Una investigación de la CNN revela que falta más de una cuarta parte de los registros de entrevistas en la base de datos publicada por el Departamento de Justicia. Entre los documentos ausentes destacan testimonios de una mujer que acusa al presidente de agresión sexual.
La controversia en torno al caso de Jeffrey Epstein ha dado un vuelco político en Estados Unidos tras las denuncias sobre la integridad de los archivos publicados recientemente por el Departamento de Justicia (DOJ). Según una investigación de la cadena CNN, secundada por informes de la emisora pública NPR, el conjunto de documentos divulgado el mes pasado omite decenas de entrevistas a testigos realizadas por el FBI, muchas de las cuales contienen acusaciones directas contra el presidente Donald Trump.

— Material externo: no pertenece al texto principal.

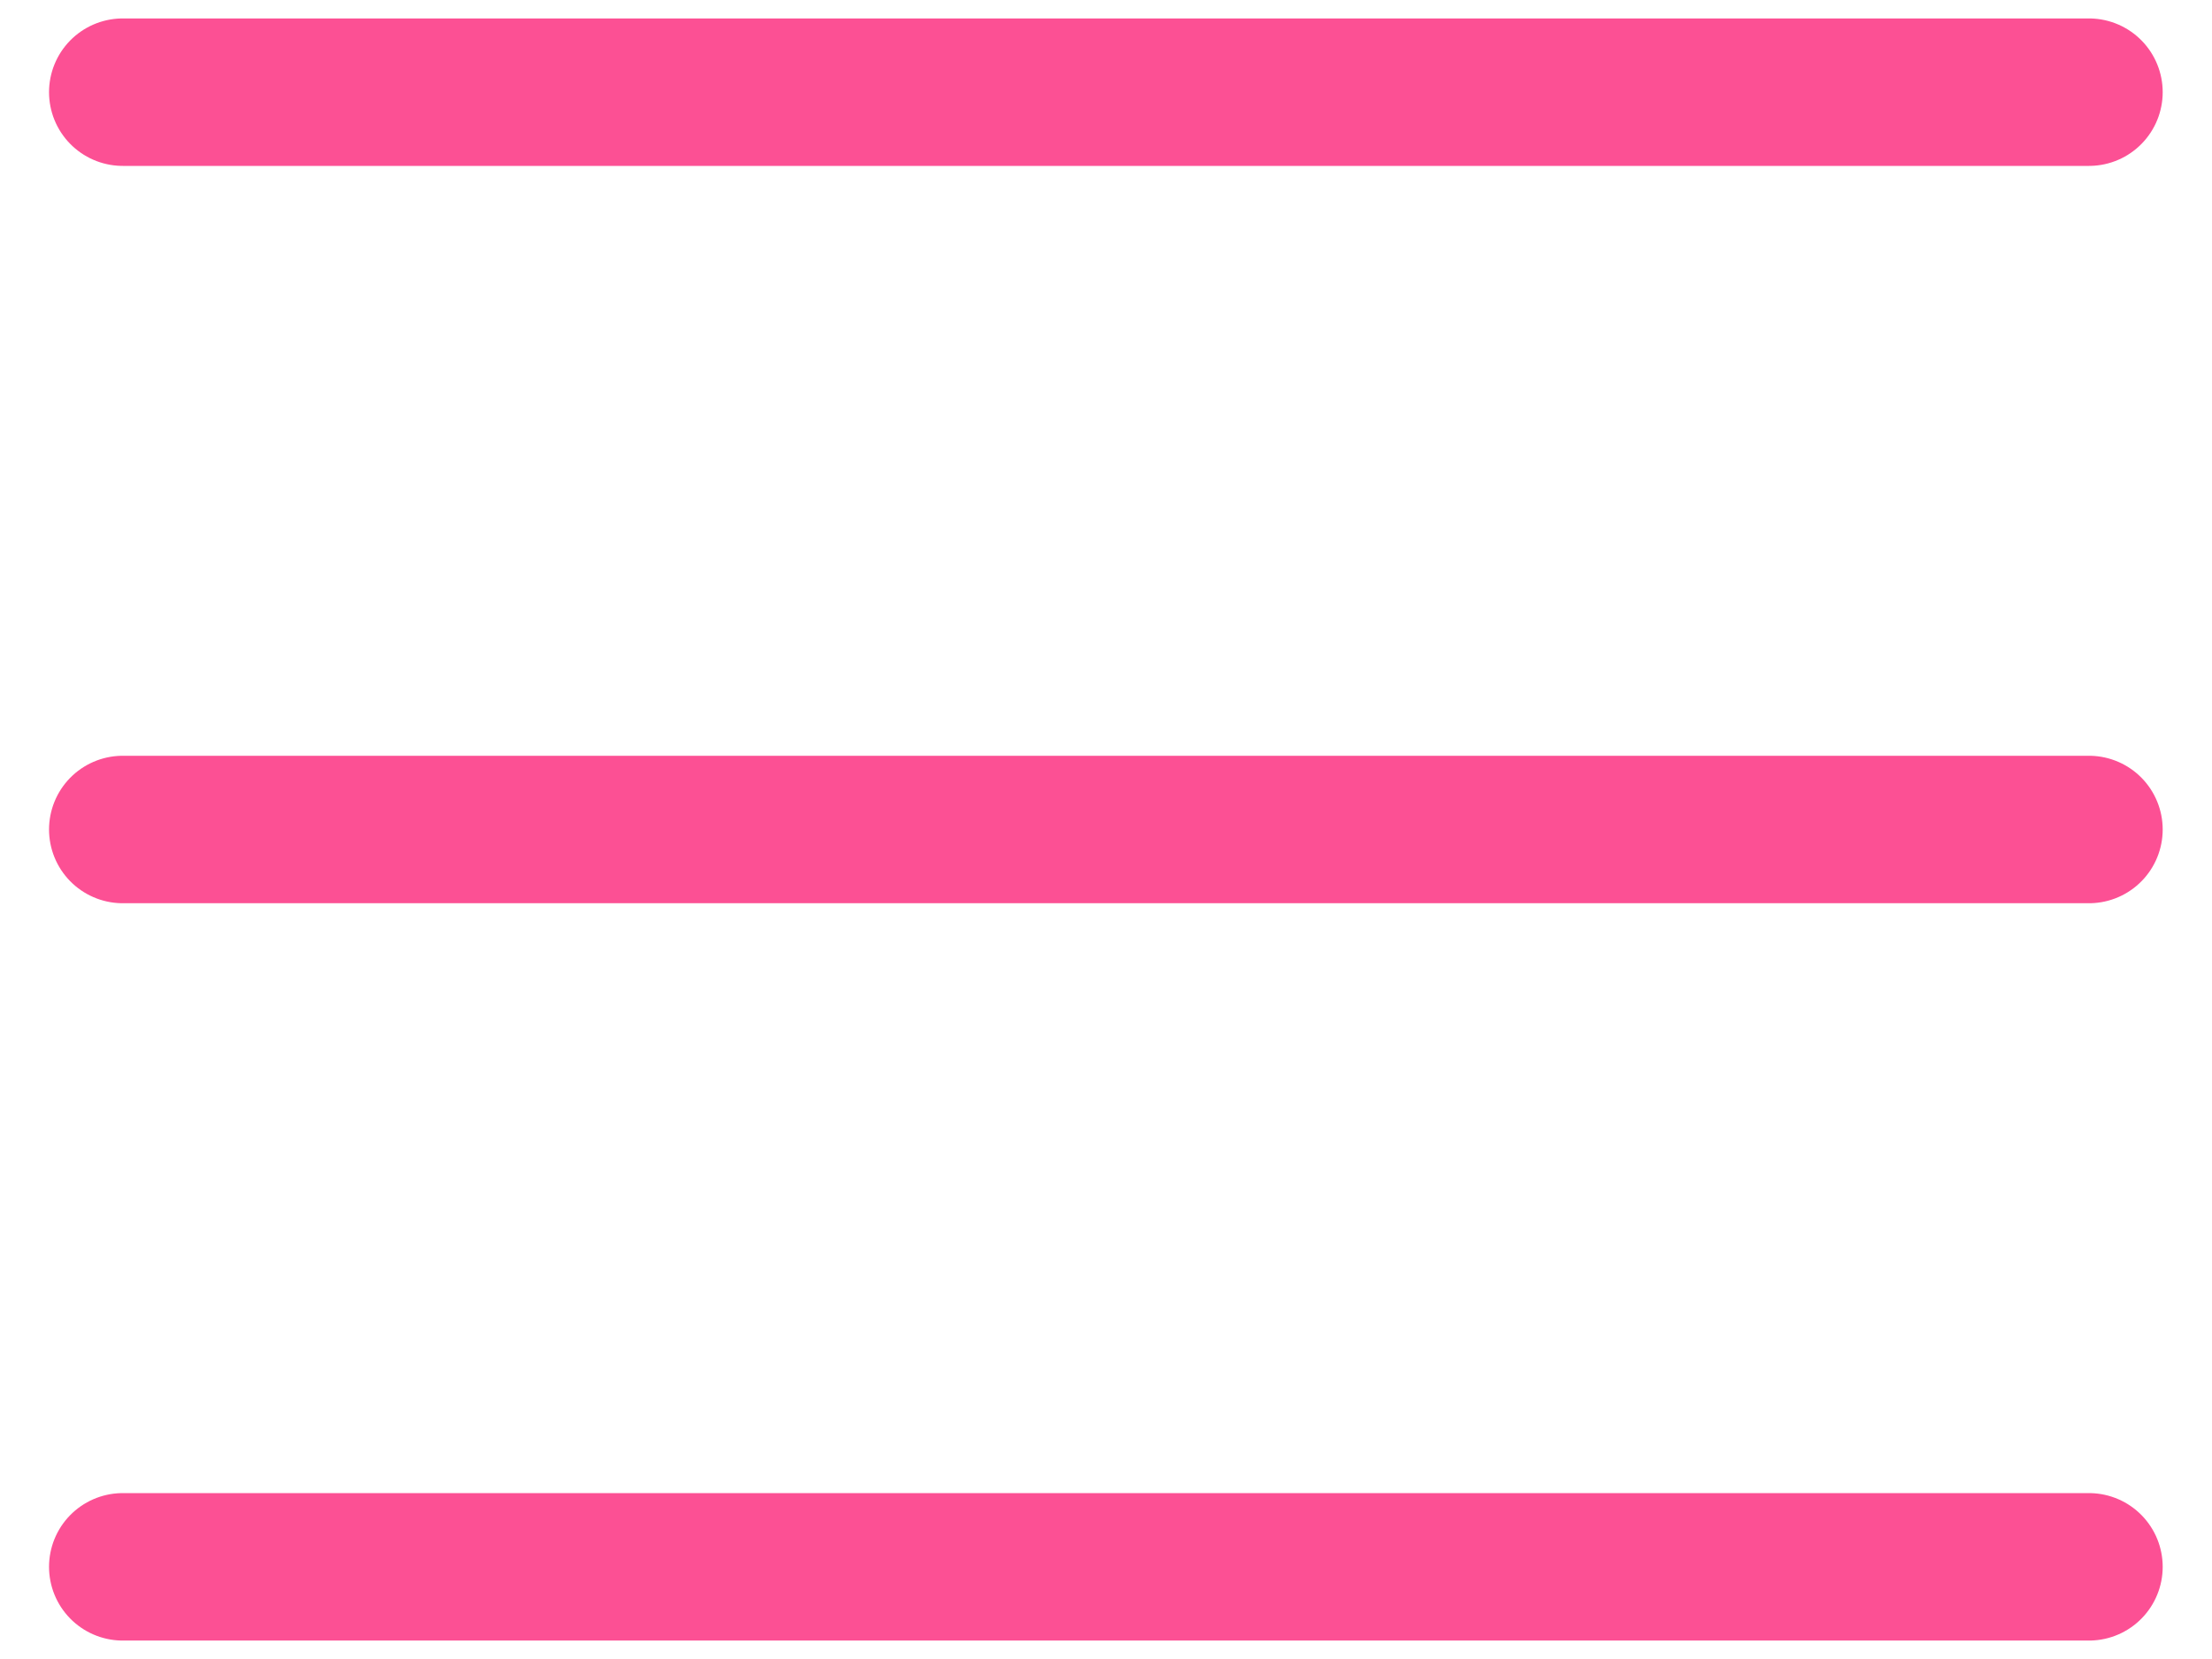 <?xml version="1.0" encoding="UTF-8"?> <svg xmlns="http://www.w3.org/2000/svg" width="24" height="18" viewBox="0 0 24 18" fill="none"> <path d="M1.332 17H22.665M1.332 1H22.665H1.332ZM1.332 9H22.665H1.332Z" stroke="#FC5094" stroke-width="1.6" stroke-linecap="round" stroke-linejoin="round"></path> </svg> 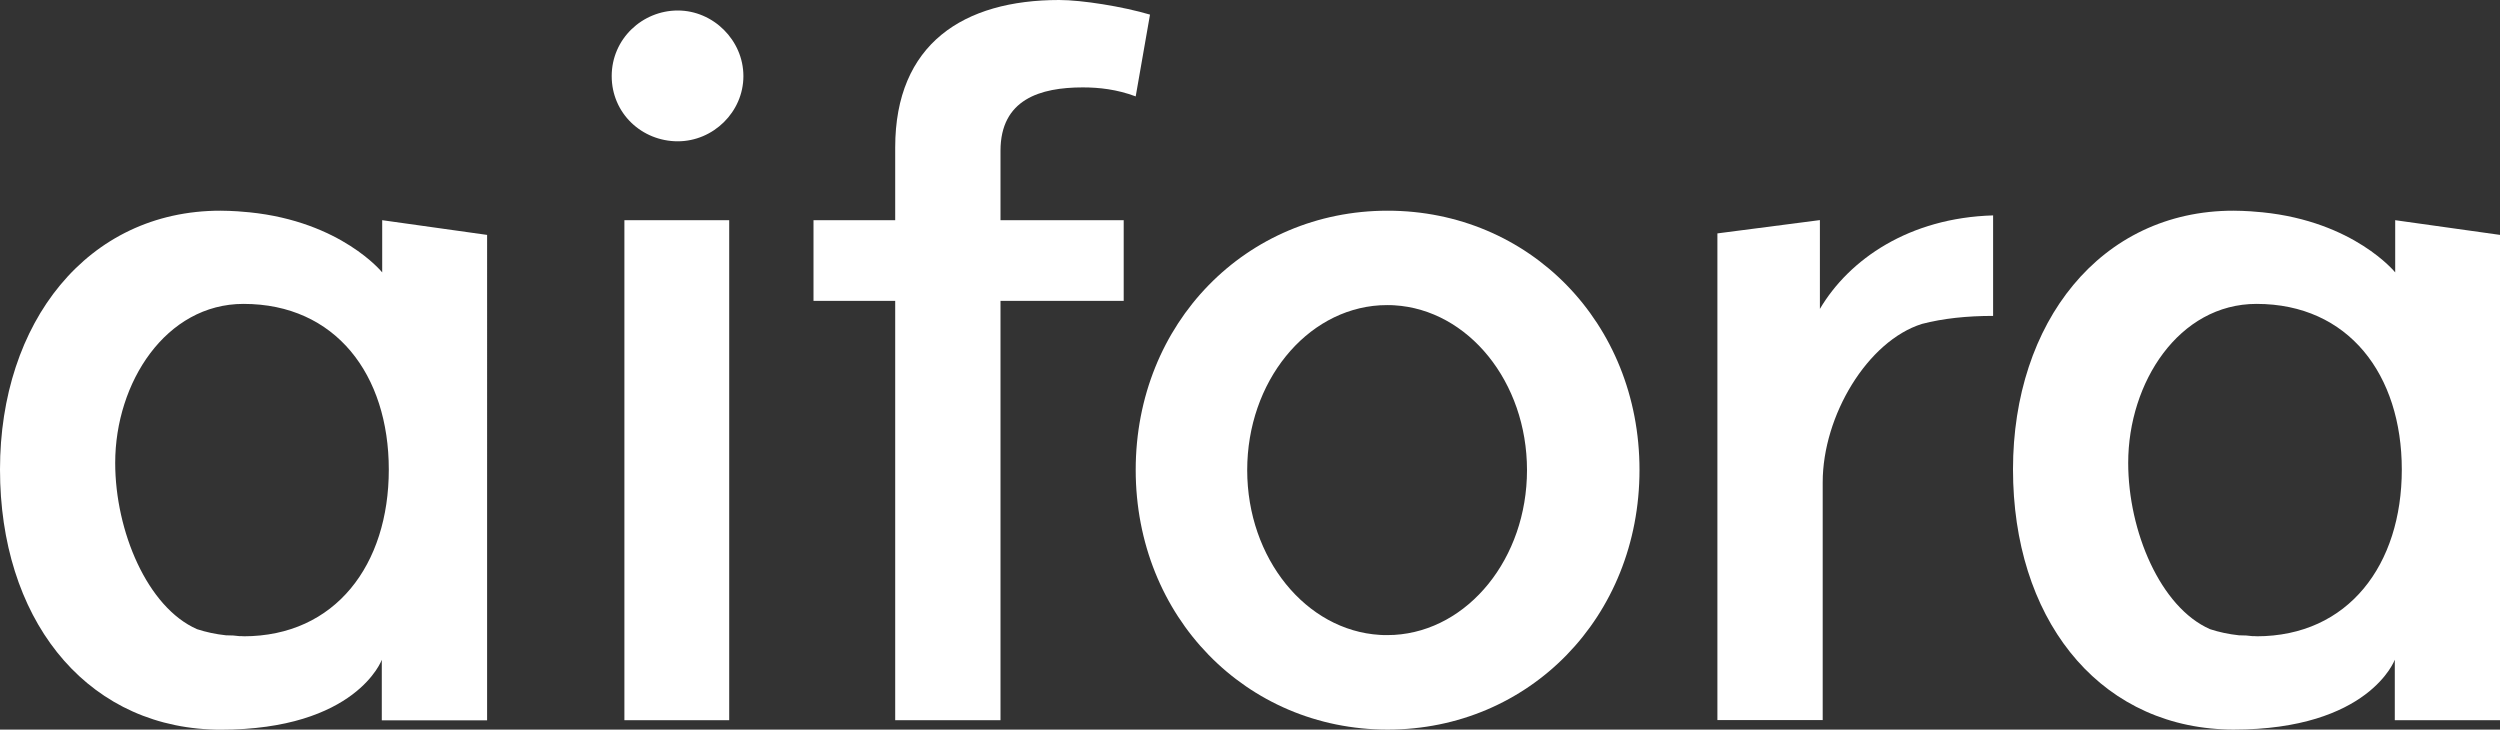 <?xml version="1.0" encoding="UTF-8"?><svg id="Layer_1" xmlns="http://www.w3.org/2000/svg" viewBox="0 0 250 72.96"><rect x="0" y="0" width="250" height="72.96" fill="#333333" stroke="none"/><defs><style>.cls-1{fill:#fff;stroke-width:0px;}</style></defs><path class="cls-1" d="m67.78,14.13c3.54,0,6.56-2.93,6.56-6.52s-3.02-6.56-6.56-6.56-6.61,2.83-6.61,6.56,3.02,6.52,6.61,6.52Z"/><rect class="cls-1" x="62.44" y="22.02" width="10.48" height="50"/><path class="cls-1" d="m112.37,30.09h-12.32v41.93h-10.53V30.09h-8.17v-8.07h8.17v-7.27c0-10.39,6.86-14.75,16.4-14.75,2.27,0,6.34.65,9.08,1.46l-1.43,8.18c-1.89-.71-3.68-.9-5.29-.9-4.25,0-8.23,1.19-8.23,6.34v6.94h12.32v8.07Z"/><path class="cls-1" d="m38.22,22.02v5.22s-4.09-5.08-13.28-6.01c-.08,0-.16-.02-.24-.02-.31-.03-.63-.06-.95-.08-.55-.03-1.12-.06-1.71-.06C8.72,21.07,0,32.26,0,46.95s8.24,25.38,20.94,25.99c.33.02.69.03,1.1.03,13.6,0,16.14-6.99,16.14-6.99v6.05h10.53V23.49l-10.48-1.47Zm-13.87,41.6c-.15,0-.3,0-.45-.01-.32-.05-.75-.08-1.31-.08-1.03-.11-1.99-.32-2.88-.61-4.98-2.18-8.19-9.82-8.19-16.63,0-8.04,5.07-15.9,12.83-15.9,9.21,0,14.53,7.08,14.53,16.57s-5.32,16.67-14.53,16.67Z"/><path class="cls-1" d="m239.52,22.02v5.22s-4.09-5.08-13.28-6.01c-.08,0-.16-.02-.24-.02-.31-.03-.63-.06-.95-.08-.55-.03-1.12-.06-1.71-.06-13.31,0-22.04,11.19-22.04,25.87s8.24,25.38,20.94,25.99c.33.02.69.03,1.1.03,13.6,0,16.14-6.99,16.14-6.99v6.05h10.53V23.49l-10.48-1.47Zm-13.87,41.6c-.15,0-.3,0-.45-.01-.32-.05-.75-.08-1.31-.08-1.03-.11-1.99-.32-2.88-.61-4.98-2.18-8.19-9.82-8.19-16.63,0-8.04,5.07-15.9,12.83-15.9,9.21,0,14.53,7.08,14.53,16.57s-5.32,16.67-14.53,16.67Z"/><path class="cls-1" d="m138.76,21.07c-14.15,0-25.19,11.24-25.19,25.92s11.03,25.97,25.19,25.97,25.19-11.24,25.19-25.97-11.04-25.92-25.19-25.92Zm-.77,42.42c-7.39-.44-13.27-7.65-13.27-16.48s5.88-16.03,13.27-16.48c.24-.01.48-.02.72-.02s.48,0,.72.02c7.39.44,13.27,7.65,13.27,16.48s-5.88,16.04-13.27,16.48c-.24.01-.48.02-.72.02s-.48,0-.72-.02Z"/><path class="cls-1" d="m199.32,21.54c-8.4.24-14.4,4.39-17.33,9.35v-8.88l-10.25,1.33v48.67h10.53v-23.78c0-6.66,4.48-14.13,9.93-15.84,2.11-.55,4.5-.8,7.11-.8v-10.06Z"/></svg>

El análisis de los registros de pruebas —proporcionados originalmente a los abogados de Ghislaine Maxwell— muestra que la lista completa constaba de unos 325 archivos de entrevistas. Sin embargo, en el sitio web oficial del Departamento de Justicia faltan más de 90 registros, lo que supone la ausencia de más del 25% del material probatorio que debería ser público.
Acusaciones de agresión sexual «desaparecidas»
El punto más crítico de esta denuncia se centra en tres entrevistas específicas relacionadas con una superviviente que afirmó haber sido víctima de abusos por parte de Epstein desde los 13 años. Según los informes, en dichas entrevistas ante el FBI, la mujer también acusó a Donald Trump de haberla agredido sexualmente hace décadas.
Esta supuesta «limpieza» de la base de datos ha provocado la reacción inmediata de los legisladores demócratas. Robert García, representante de alto rango en el Comité de Supervisión de la Cámara de Representantes, ha cuestionado si la Casa Blanca ha cumplido con la ley que obliga a la publicación de estos archivos. «Tenemos una superviviente con acusaciones graves contra el presidente, pero las entrevistas que el FBI realizó con ella están desaparecidas», denunció García.
La respuesta oficial: «Duplicados y material sensible»
Ante la gravedad de las acusaciones, la respuesta del Gobierno y del Departamento de Justicia ha sido tajante:
- La Casa Blanca: Ha calificado las acusaciones contra Trump de «falsas y sensacionalistas», desvinculando al presidente de cualquier mala práctica en relación con el financiero fallecido en 2019.
- El Departamento de Justicia (DOJ): Un portavoz negó la eliminación deliberada de registros. Según su versión, los documentos no incluidos responden a criterios técnicos: se trataría de duplicados, información confidencial o archivos vinculados a investigaciones federales aún en curso.
Sin embargo, el hecho de que estas omisiones coincidan precisamente con testimonios que señalan al actual mandatario ha alimentado las sospechas de una posible manipulación de la transparencia pública en un caso que sigue estremeciendo a la élite estadounidense.